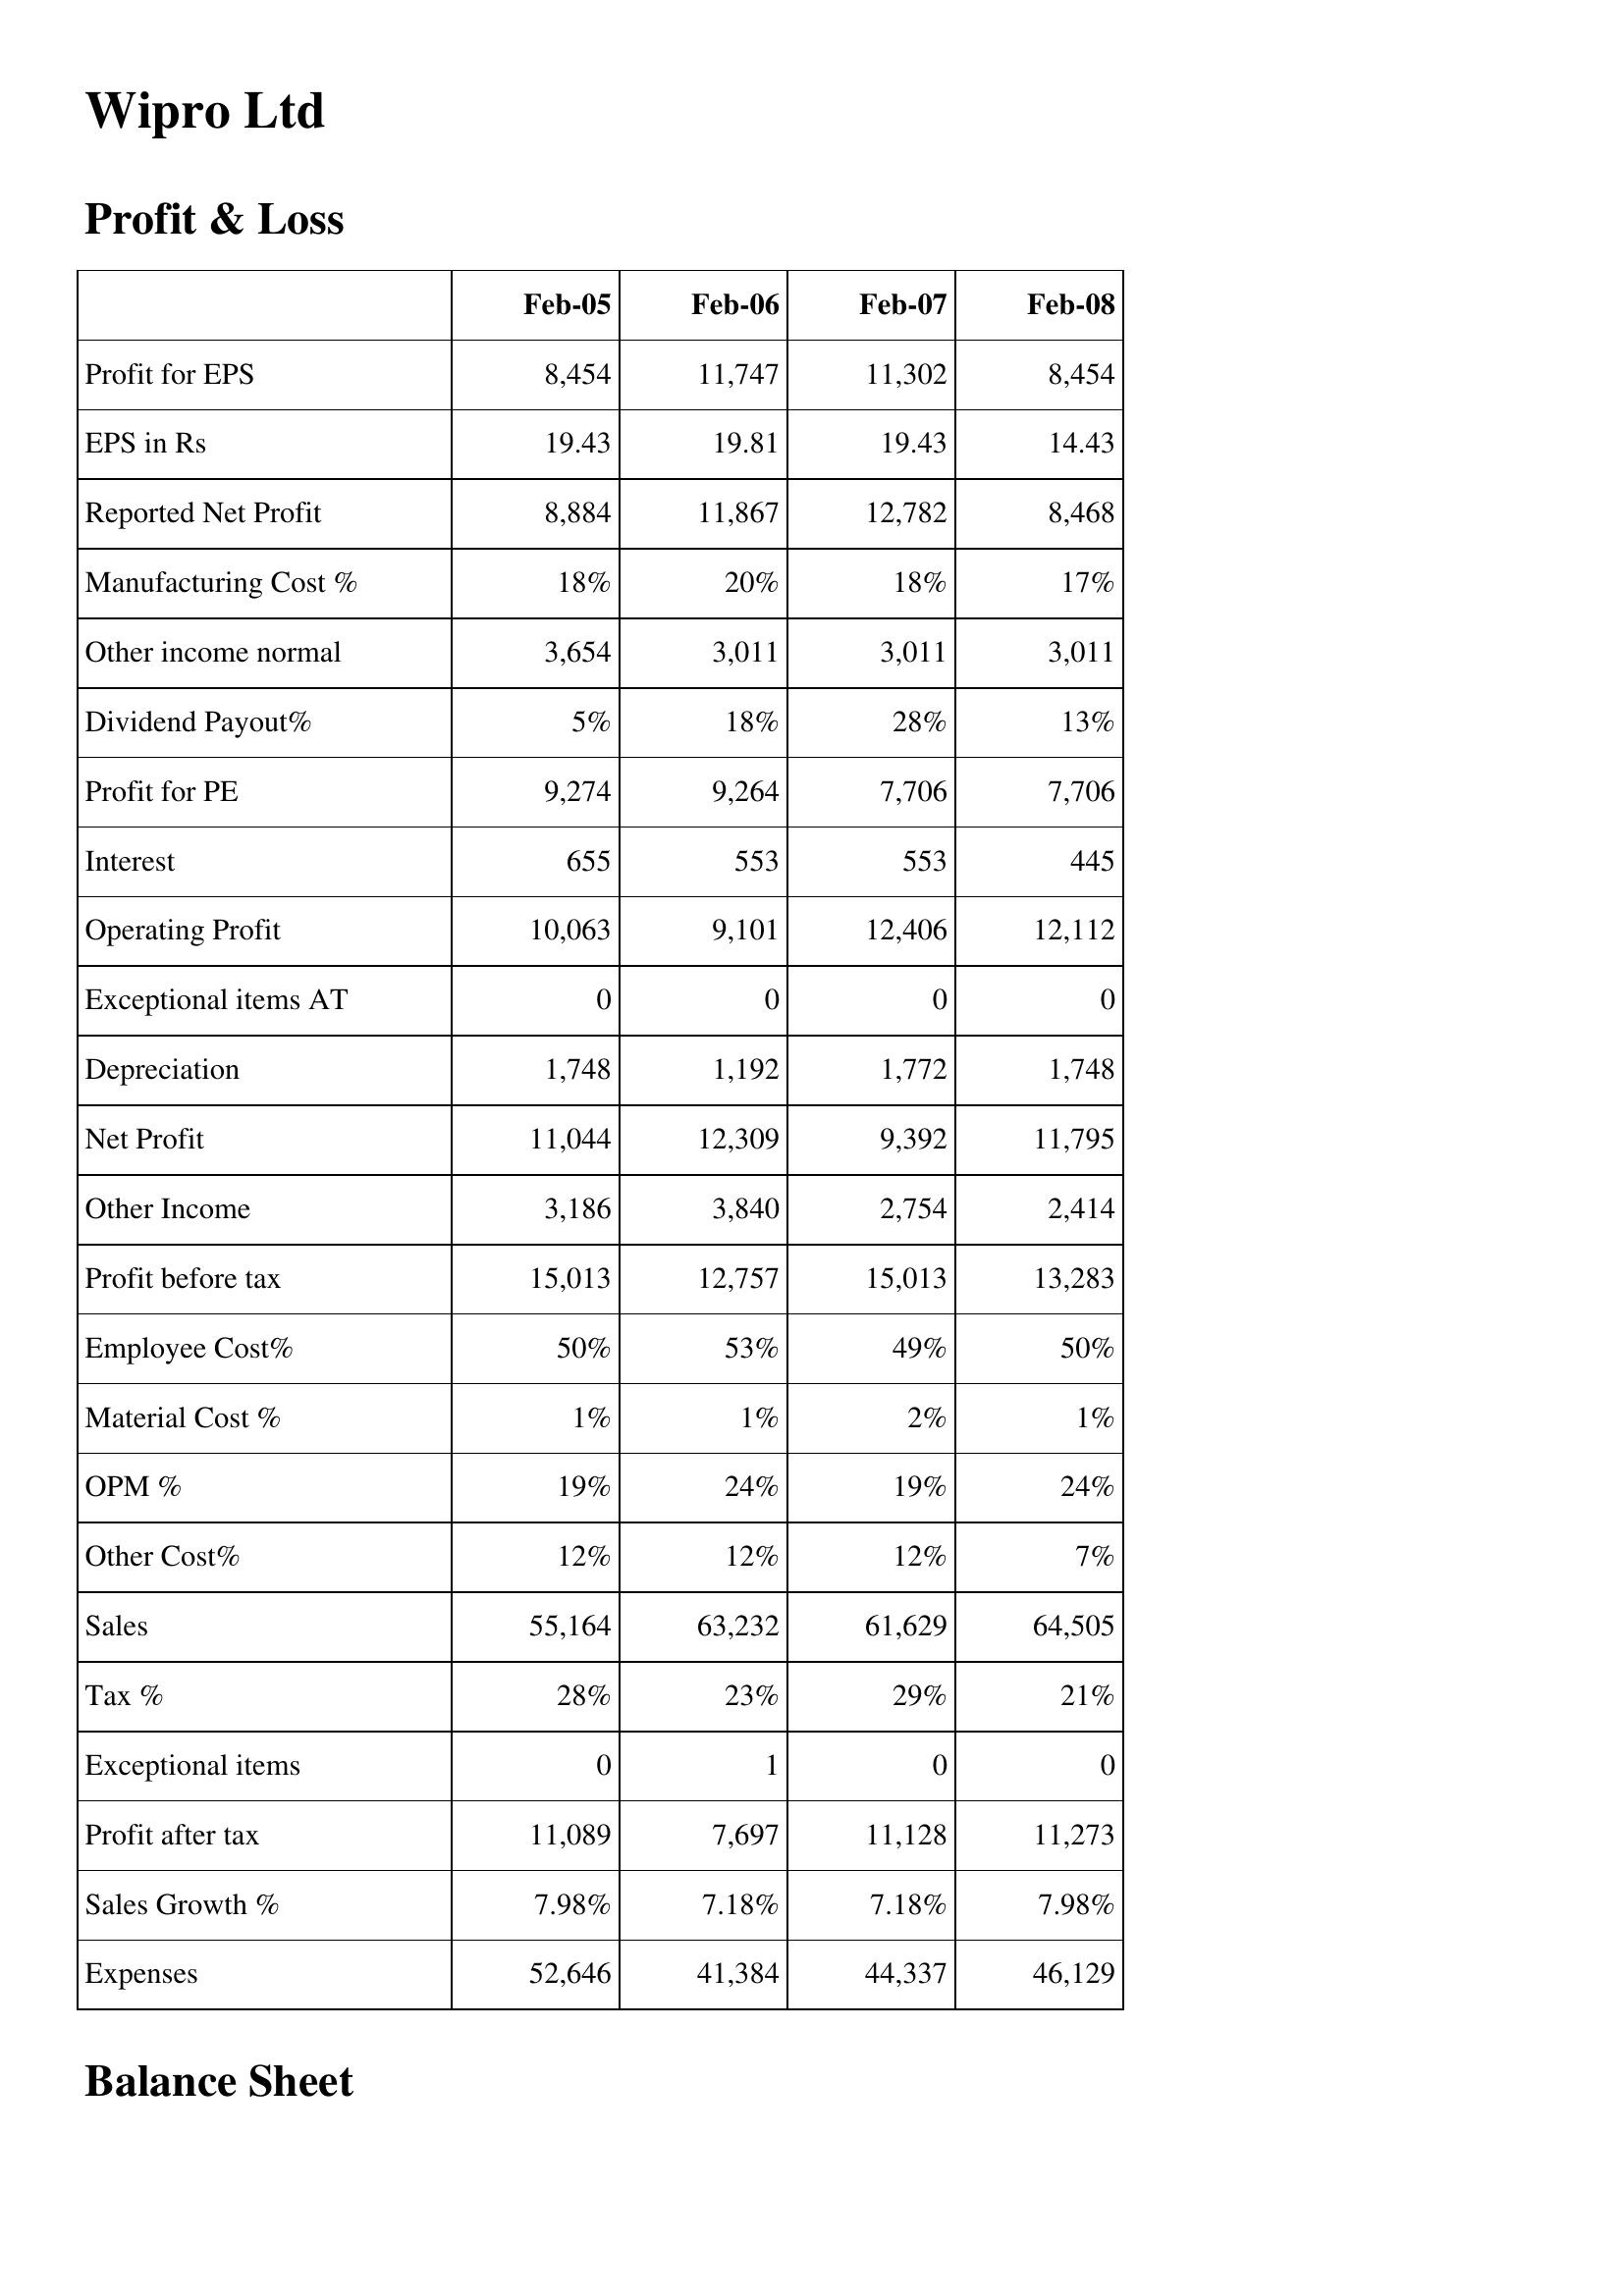
Feb-05: Profit & Loss: Profit for EPS: 8,454
EPS in Rs: 19.43
Reported Net Profit: 8,884
Manufacturing Cost %: 18%
Other income normal: 3,654
Dividend Payout%: 5%
Profit for PE: 9,274
Interest: 655
Operating Profit: 10,063
Exceptional items AT: 0
Depreciation: 1,748
Net Profit: 11,044
Other Income: 3,186
Profit before tax: 15,013
Employee Cost%: 50%
Material Cost %: 1%
OPM %: 19%
Other Cost%: 12%
Sales: 55,164
Tax %: 28%
Exceptional items: 0
Profit after tax: 11,089
Sales Growth %: 7.98%
Expenses: 52,646
Feb-06: Profit & Loss: Profit for EPS: 11,747
EPS in Rs: 19.81
Reported Net Profit: 11,867
Manufacturing Cost %: 20%
Other income normal: 3,011
Dividend Payout%: 18%
Profit for PE: 9,264
Interest: 553
Operating Profit: 9,101
Exceptional items AT: 0
Depreciation: 1,192
Net Profit: 12,309
Other Income: 3,840
Profit before tax: 12,757
Employee Cost%: 53%
Material Cost %: 1%
OPM %: 24%
Other Cost%: 12%
Sales: 63,232
Tax %: 23%
Exceptional items: 1
Profit after tax: 7,697
Sales Growth %: 7.18%
Expenses: 41,384
Feb-07: Profit & Loss: Profit for EPS: 11,302
EPS in Rs: 19.43
Reported Net Profit: 12,782
Manufacturing Cost %: 18%
Other income normal: 3,011
Dividend Payout%: 28%
Profit for PE: 7,706
Interest: 553
Operating Profit: 12,406
Exceptional items AT: 0
Depreciation: 1,772
Net Profit: 9,392
Other Income: 2,754
Profit before tax: 15,013
Employee Cost%: 49%
Material Cost %: 2%
OPM %: 19%
Other Cost%: 12%
Sales: 61,629
Tax %: 29%
Exceptional items: 0
Profit after tax: 11,128
Sales Growth %: 7.18%
Expenses: 44,337
Feb-08: Profit & Loss: Profit for EPS: 8,454
EPS in Rs: 14.43
Reported Net Profit: 8,468
Manufacturing Cost %: 17%
Other income normal: 3,011
Dividend Payout%: 13%
Profit for PE: 7,706
Interest: 445
Operating Profit: 12,112
Exceptional items AT: 0
Depreciation: 1,748
Net Profit: 11,795
Other Income: 2,414
Profit before tax: 13,283
Employee Cost%: 50%
Material Cost %: 1%
OPM %: 24%
Other Cost%: 7%
Sales: 64,505
Tax %: 21%
Exceptional items: 0
Profit after tax: 11,273
Sales Growth %: 7.98%
Expenses: 46,129
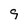
Character: 9
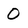
Character: 0
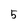
Character: 5
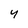
Character: 4
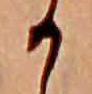
か
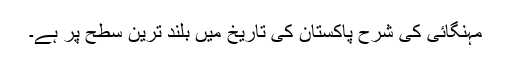
مہنگائی کی شرح پاکستان کی تاریخ میں بلند ترین سطح پر ہے۔
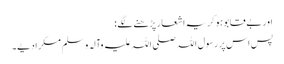
اور بے قابو ہو کر یہ اشعار پڑھنے لگے :
پس اس پر رسول اللہ صلی اللہ علیہ وآلہ وسلم مسکرا دیے۔

* * * * * * * * *

### TRY IT
Provide a precise transcription of the listing, excluding each picture.

### SOLUTION FOR THIS TASK
Feb-05: Profit & Loss: Profit for EPS: 8,454
EPS in Rs: 19.43
Reported Net Profit: 8,884
Manufacturing Cost %: 18%
Other income normal: 3,654
Dividend Payout%: 5%
Profit for PE: 9,274
Interest: 655
Operating Profit: 10,063
Exceptional items AT: 0
Depreciation: 1,748
Net Profit: 11,044
Other Income: 3,186
Profit before tax: 15,013
Employee Cost%: 50%
Material Cost %: 1%
OPM %: 19%
Other Cost%: 12%
Sales: 55,164
Tax %: 28%
Exceptional items: 0
Profit after tax: 11,089
Sales Growth %: 7.98%
Expenses: 52,646
Feb-06: Profit & Loss: Profit for EPS: 11,747
EPS in Rs: 19.81
Reported Net Profit: 11,867
Manufacturing Cost %: 20%
Other income normal: 3,011
Dividend Payout%: 18%
Profit for PE: 9,264
Interest: 553
Operating Profit: 9,101
Exceptional items AT: 0
Depreciation: 1,192
Net Profit: 12,309
Other Income: 3,840
Profit before tax: 12,757
Employee Cost%: 53%
Material Cost %: 1%
OPM %: 24%
Other Cost%: 12%
Sales: 63,232
Tax %: 23%
Exceptional items: 1
Profit after tax: 7,697
Sales Growth %: 7.18%
Expenses: 41,384
Feb-07: Profit & Loss: Profit for EPS: 11,302
EPS in Rs: 19.43
Reported Net Profit: 12,782
Manufacturing Cost %: 18%
Other income normal: 3,011
Dividend Payout%: 28%
Profit for PE: 7,706
Interest: 553
Operating Profit: 12,406
Exceptional items AT: 0
Depreciation: 1,772
Net Profit: 9,392
Other Income: 2,754
Profit before tax: 15,013
Employee Cost%: 49%
Material Cost %: 2%
OPM %: 19%
Other Cost%: 12%
Sales: 61,629
Tax %: 29%
Exceptional items: 0
Profit after tax: 11,128
Sales Growth %: 7.18%
Expenses: 44,337
Feb-08: Profit & Loss: Profit for EPS: 8,454
EPS in Rs: 14.43
Reported Net Profit: 8,468
Manufacturing Cost %: 17%
Other income normal: 3,011
Dividend Payout%: 13%
Profit for PE: 7,706
Interest: 445
Operating Profit: 12,112
Exceptional items AT: 0
Depreciation: 1,748
Net Profit: 11,795
Other Income: 2,414
Profit before tax: 13,283
Employee Cost%: 50%
Material Cost %: 1%
OPM %: 24%
Other Cost%: 7%
Sales: 64,505
Tax %: 21%
Exceptional items: 0
Profit after tax: 11,273
Sales Growth %: 7.98%
Expenses: 46,129
Character: 9
Character: 0
Character: 5
Character: 4
か
مہنگائی کی شرح پاکستان کی تاریخ میں بلند ترین سطح پر ہے۔
اور بے قابو ہو کر یہ اشعار پڑھنے لگے :
پس اس پر رسول اللہ صلی اللہ علیہ وآلہ وسلم مسکرا دیے۔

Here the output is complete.